In the step 2), the components after the gel filtration chromatography are further separated by using a reversed-phase high performance liquid chromatography, wherein the process comprises the following steps: controlling the flow rate to be 0.8-1.0ml/min, wherein the mobile phase is as follows: the solution A is deionized water (containing 0.05 percent of trifluoroacetic acid), and the solution B is acetonitrile (containing 0.05 percent of trifluoroacetic acid); eluting with gradient of 0-25% B for 20min, collecting peak components, detecting wavelength at 215nm, and collecting the component with the highest calcium binding activity for peptide sequence identification.
In the step 3), the calcium ions are derived from anhydrous calcium chloride; in the chelation reaction, the mass ratio of the peptide to the anhydrous calcium chloride is 4:1-6: 1; the temperature of the chelation reaction is 45-55 ℃; the pH value of the chelation reaction is 7.0-8.0; the chelating reaction time is 50-70 min.
The further technical scheme is that the peptides TL9, LT11 and KK10 separated by the reversed-phase high performance liquid chromatography are identified by LC-MS/MS, and the sequences are TKLGTQLQL, LETVILGLLKT and KMVFLMDLLK respectively; through database comparison, the genes are respectively derived from toll-like receptor 3 short type, annexin A2 and DNA helicase ERCC 6L; the calcium binding capacity is 87.68 +/-2.86%, 80.72 +/-0.93% and 67.97 +/-0.98%, respectively.
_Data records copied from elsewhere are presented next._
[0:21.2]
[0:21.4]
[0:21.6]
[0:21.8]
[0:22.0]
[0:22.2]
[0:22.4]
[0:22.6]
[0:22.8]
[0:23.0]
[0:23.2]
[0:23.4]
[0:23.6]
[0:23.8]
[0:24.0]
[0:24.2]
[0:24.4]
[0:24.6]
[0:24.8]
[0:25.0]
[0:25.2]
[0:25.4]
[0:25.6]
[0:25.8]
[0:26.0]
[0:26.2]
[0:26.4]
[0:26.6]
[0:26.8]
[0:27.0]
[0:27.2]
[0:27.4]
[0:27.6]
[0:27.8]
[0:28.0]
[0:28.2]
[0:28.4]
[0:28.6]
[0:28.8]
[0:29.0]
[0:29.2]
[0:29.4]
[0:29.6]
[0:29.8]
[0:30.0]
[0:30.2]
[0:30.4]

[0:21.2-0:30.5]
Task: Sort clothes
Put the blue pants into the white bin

The further technical scheme is that the product after the chelation reaction is added into absolute ethyl alcohol with a certain volume, then the mixture is refrigerated at low temperature for a period of time, after peptide and calcium ions form flocculent precipitate, the flocculent precipitate is centrifugally separated under the conditions of 6200rpm and 4 ℃, and the supernatant is discarded to obtain precipitate, namely the peptide chelated calcium product.
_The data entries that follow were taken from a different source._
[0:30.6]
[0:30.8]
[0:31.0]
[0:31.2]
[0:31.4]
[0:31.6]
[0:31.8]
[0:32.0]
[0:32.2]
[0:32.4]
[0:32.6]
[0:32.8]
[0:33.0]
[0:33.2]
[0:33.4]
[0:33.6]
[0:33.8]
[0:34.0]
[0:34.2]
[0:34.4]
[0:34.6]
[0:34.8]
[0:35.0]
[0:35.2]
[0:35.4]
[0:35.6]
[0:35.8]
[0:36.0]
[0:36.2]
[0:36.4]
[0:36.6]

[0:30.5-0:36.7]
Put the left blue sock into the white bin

Compared with the prior art, the invention has the following beneficial effects:
(1) the raw materials adopted by the method are taken from the ossified part of the root of the pilose antler, the ossification of the part is serious, the part belongs to the part with poor quality in the pilose antler, but the growth speed of the part can reach 1.7cm/day, the part is the only mammal organ which can be regenerated, and the parts determine that the peptide or the protein chelated with the calcium is rich, and the part is the source of the high-quality calcium chelated peptide.
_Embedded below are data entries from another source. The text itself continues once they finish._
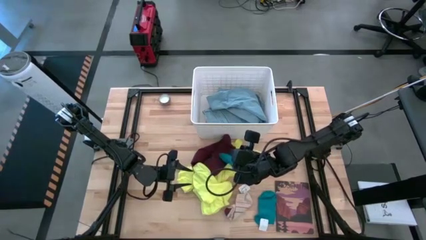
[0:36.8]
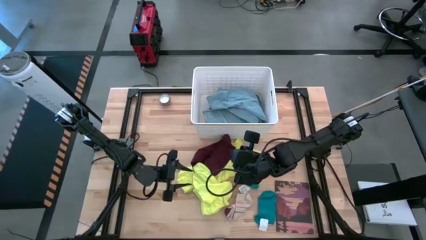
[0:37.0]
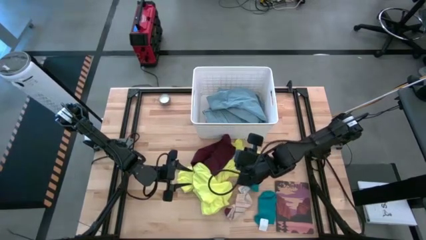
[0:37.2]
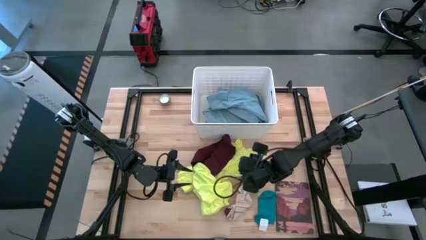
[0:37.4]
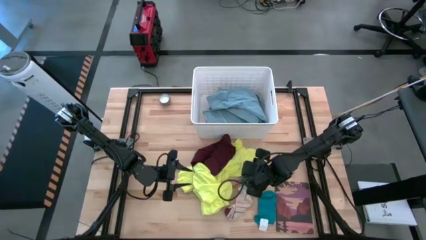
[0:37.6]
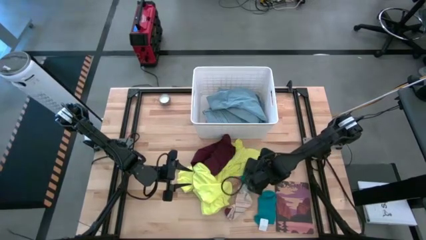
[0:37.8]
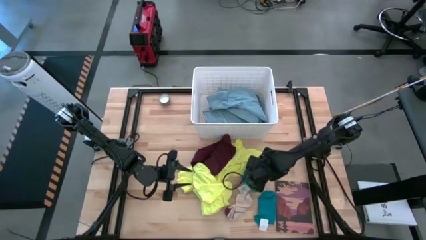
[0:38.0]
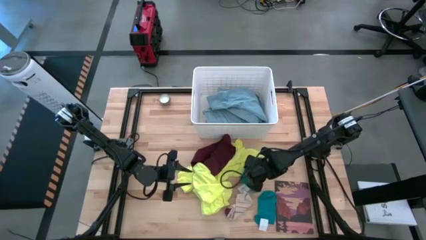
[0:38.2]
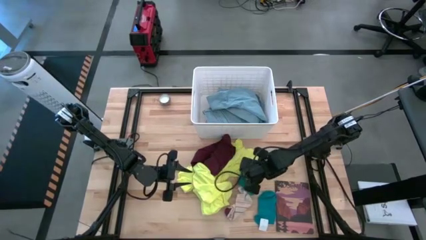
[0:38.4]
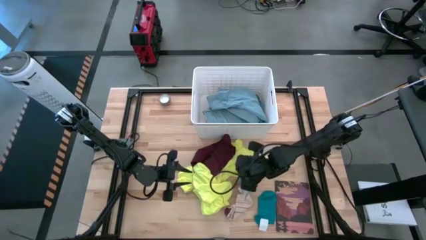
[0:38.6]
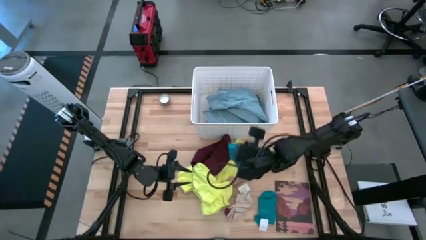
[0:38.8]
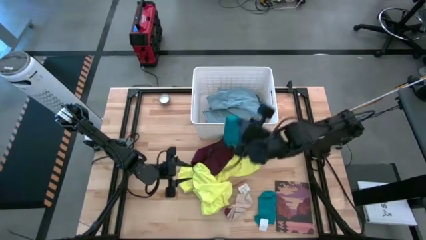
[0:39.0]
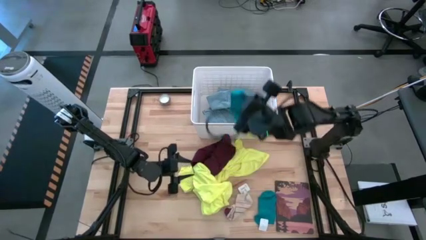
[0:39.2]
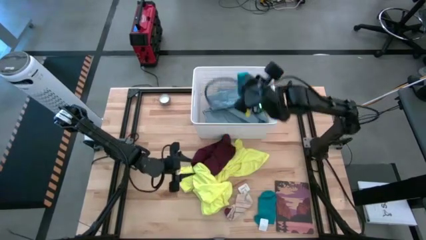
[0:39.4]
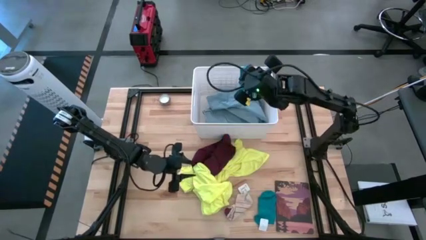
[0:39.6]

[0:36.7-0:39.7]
Put the left blue sock into the white bin

(2) The invention provides a preparation method of cornu cervi pantotrichum root ossified tissue source peptide chelated calcium, which is characterized in that peptides TL9, LT11 and KK10 are obtained, the sequences of the peptides are identified as TKLGTQLQL, LETVILGLLKT and KMVFLMDLLK, and the calcium binding capacities of the peptides are 87.68 +/-2.86%, 80.72 +/-0.93% and 67.97 +/-0.98% respectively; wherein the calcium binding capacity of TL9 and LT11 is higher than that of the porcine ossein peptide obtained by the prior separation technology.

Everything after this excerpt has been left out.